Cuando un ser muere, su alma (osea, el pedazo desprendido del cúmulo energético que experimenta distintas lecciones hasta volver a su lugar de origen que es: el mismo cúmulo) pasa por un período de transición. Este decide que experiencias aprender ahora (guiado por el destino, pero de eso luego se hablará).
Si decide que le quedaron asuntos inconclusos probablemente reencarne rápido. Quizás se tome un tiempo para meditar lo que aprendió en la vida transcurrida.O quizás vague un rato por el mundo y las dimensiones (si está preparado).
En su vagabundeo el alma puede presentarse en forma inmaterial, ningún ser vivo la puede ver ni tocar, aunque si pueden sentirla, por eso mucha gente siente presencias en el lugar donde alguien se murió; porque su alma está en ese lugar, o para rememorar, o porque está perdida, o por otras razones.
También el alma puede elegir habitar un ser no viviente, utilizarlo como su refugio.
Todo vibra, puede que en una vibración más concentrada o más dispersa en sus partículas. Lo que vibra más concentrado es lo que conocemos como objetos sólidos, estos objetos sólidos pueden contener partículas que vibren más dispersamente. El alma vibra dispersamente (las partículas están más separadas, aunque sean partículas inmateriales, lo que importa no es de qué estén hechas, sino como se dispongan) por lo tanto puede infiltrarse en objetos sólidos.
Los objetos sólidos, al no tener vida, no hay nada que los una al alma que decida habitarlos, por lo tanto, este puede entrar y salir cuando quiera.

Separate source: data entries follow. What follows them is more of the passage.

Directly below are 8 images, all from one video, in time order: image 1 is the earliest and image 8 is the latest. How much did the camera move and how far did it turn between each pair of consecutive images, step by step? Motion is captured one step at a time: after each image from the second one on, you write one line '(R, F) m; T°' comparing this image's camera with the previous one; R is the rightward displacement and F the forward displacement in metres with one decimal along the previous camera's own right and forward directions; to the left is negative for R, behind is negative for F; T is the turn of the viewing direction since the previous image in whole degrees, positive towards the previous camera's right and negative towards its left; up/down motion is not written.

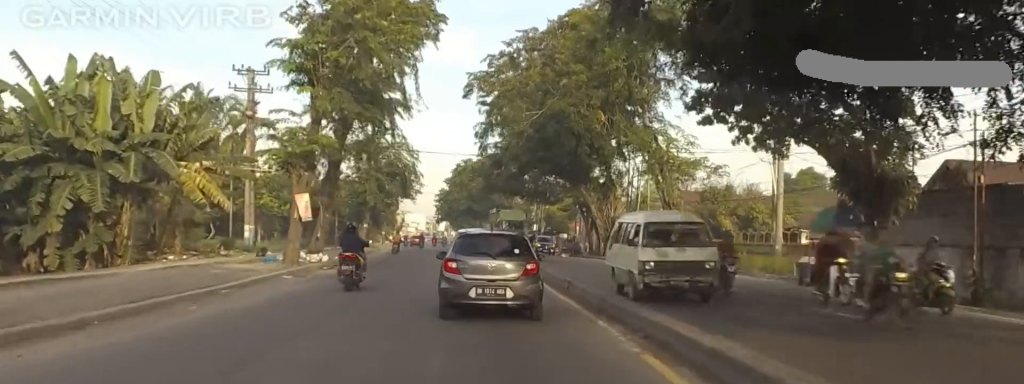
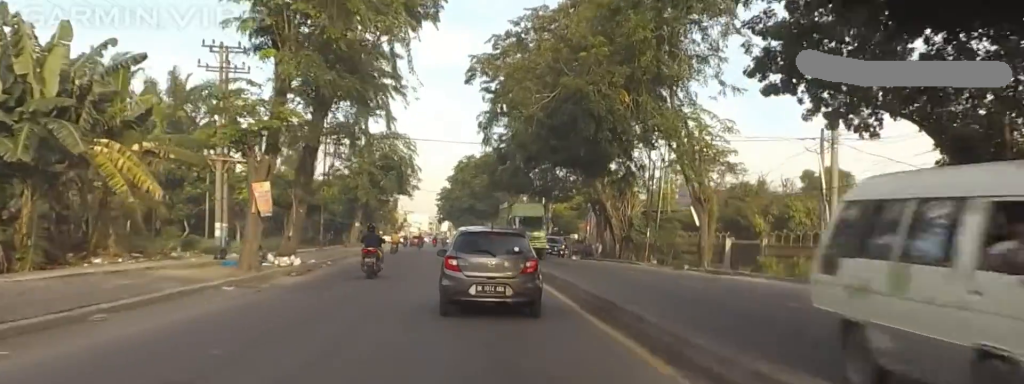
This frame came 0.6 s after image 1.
(0.0, +6.6) m; 0°
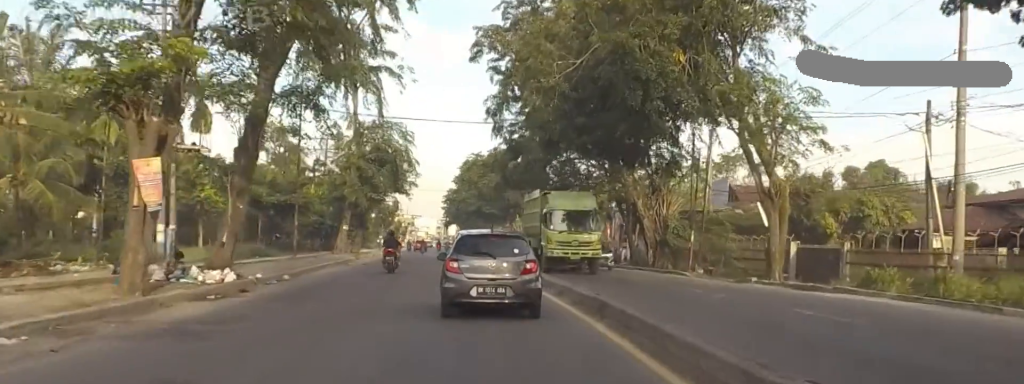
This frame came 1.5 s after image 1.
(0.0, +9.5) m; 0°
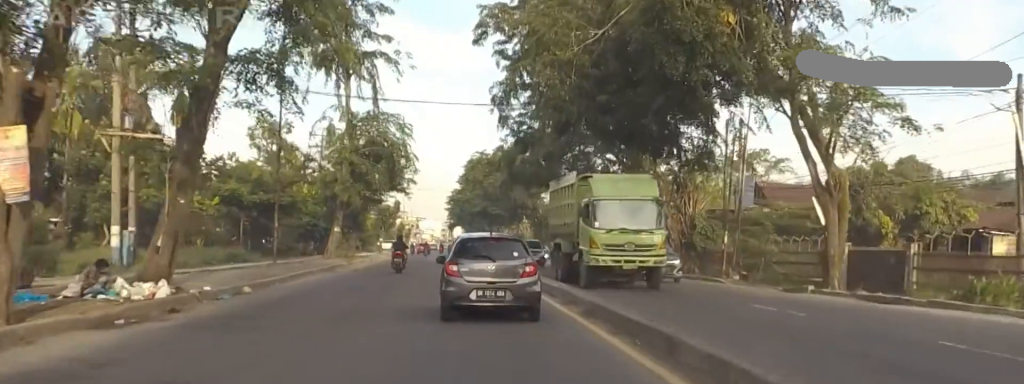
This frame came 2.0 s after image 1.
(0.0, +5.3) m; 0°
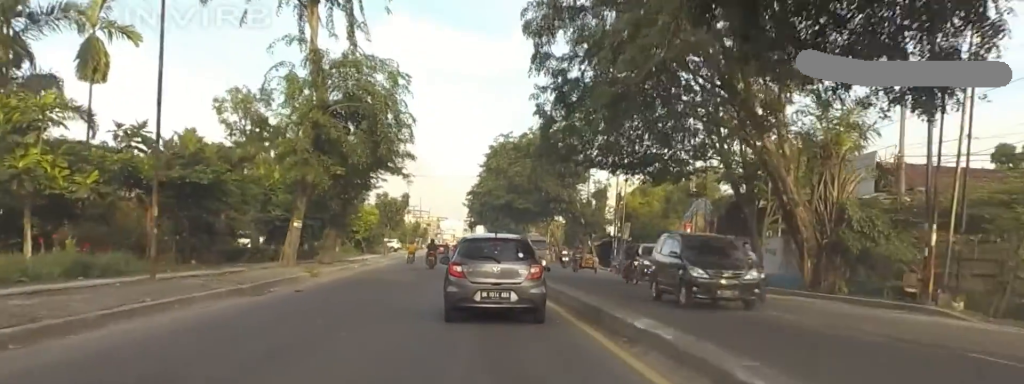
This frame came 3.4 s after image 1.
(0.0, +16.2) m; 0°
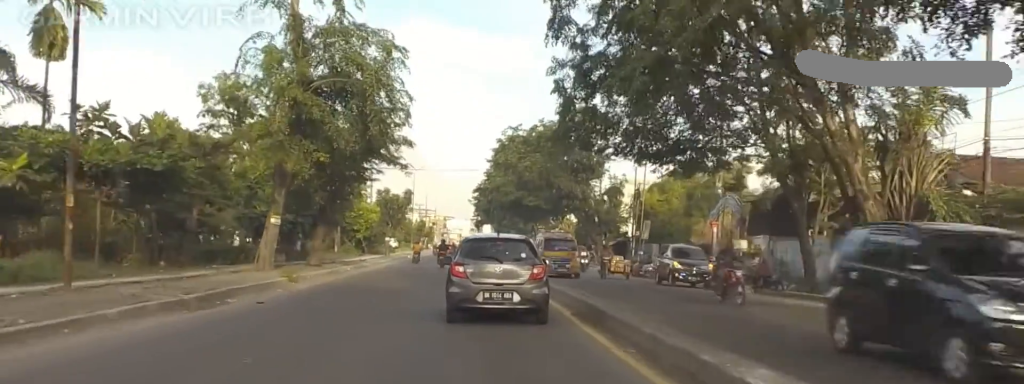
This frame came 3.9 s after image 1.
(0.0, +4.9) m; -2°
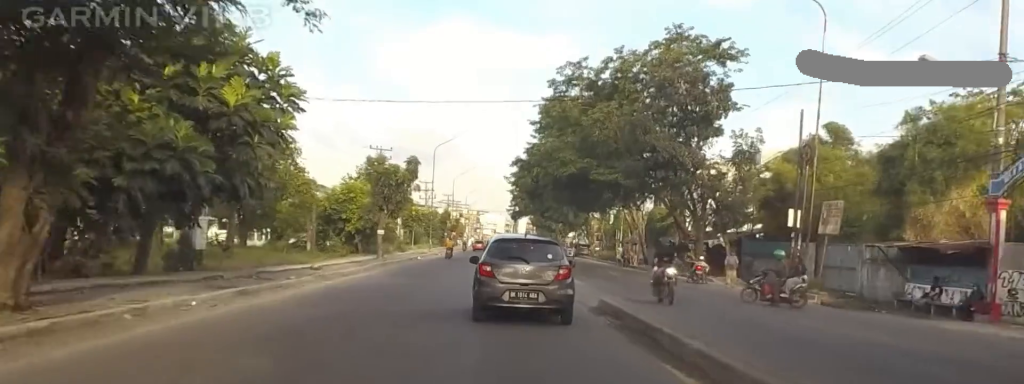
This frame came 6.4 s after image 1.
(-1.7, +27.6) m; +1°
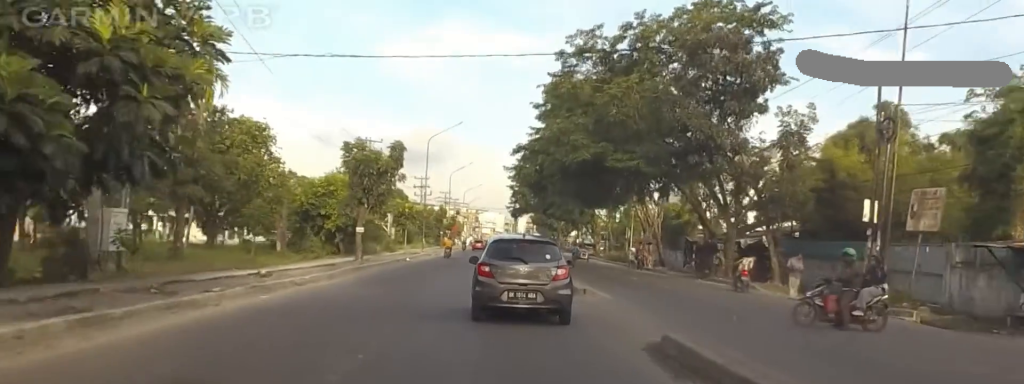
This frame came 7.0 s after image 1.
(+0.2, +7.6) m; +2°

La conclusión es: el alma puede infiltrarse en objetos sólidos. Un televisor, por ejemplo, puede contener un alma, como puede que no. Si el objeto contiene un alma produce una vibración diferente, porque tiene 2 vibraciones a la vez, la concentrada y la dispersa.
Generalmente las almas elijen objetos que sean preciados o minerales (por eso las piedras vibran tan intensamente).
Muchos objetos que se consideran malditos, es por la vibración que les dá el alma, así como también los objetos sagrados o milagrosos. Su poder también es potenciado por la energía que les transmiten los que se asustan o alegran por la cualidad que poseen.
¿Por qué un alma eligiría habitar un objeto? La respuesta que más nos satisface es: para experimentar cosas que de otra forma o no se pueden o no se les ocurre cómo. Muchas veces se quiere estudiar algo en particular pero hay que hacer que algo pase para poder estudiarlo, uno establece las variables. Es por eso que quizás, por ejemplo, un alma puede elegir habitar un peluche para estudiar el cariño, la vibración que produce llama la atención del niño, que lo puede tratar como a un ser vivo. Si, dirán, pero puede para eso reencarnar en un gato, pero de esa forma va a tener que aprender muchas cosas más para las que quizás no está preparado, este alma, por el momento, SÓLO quiere estudiar el cariño, sin tener que soportar toda una vida. Del peluche puede entrar y salir cuando quiera. También pueden decir que para eso vuelve como fantasma y recorre las casas buscando ejemplos de cariño, pero en este caso el alma solamente es una espectadora, habitando el peluche es protagonista, y las experiencias de uno se sienten más profundamente que las de los demás.
Concentrándose, también es posible llamar a un alma a habitar un objeto.Tratar a un objeto de forma especial es como poner un aviso de empleo en el diario; las almas sienten la oportunidad y son llamadas por la atracción que les genera un objeto que parece tener más probabilidades de enseñarles una lección que otros.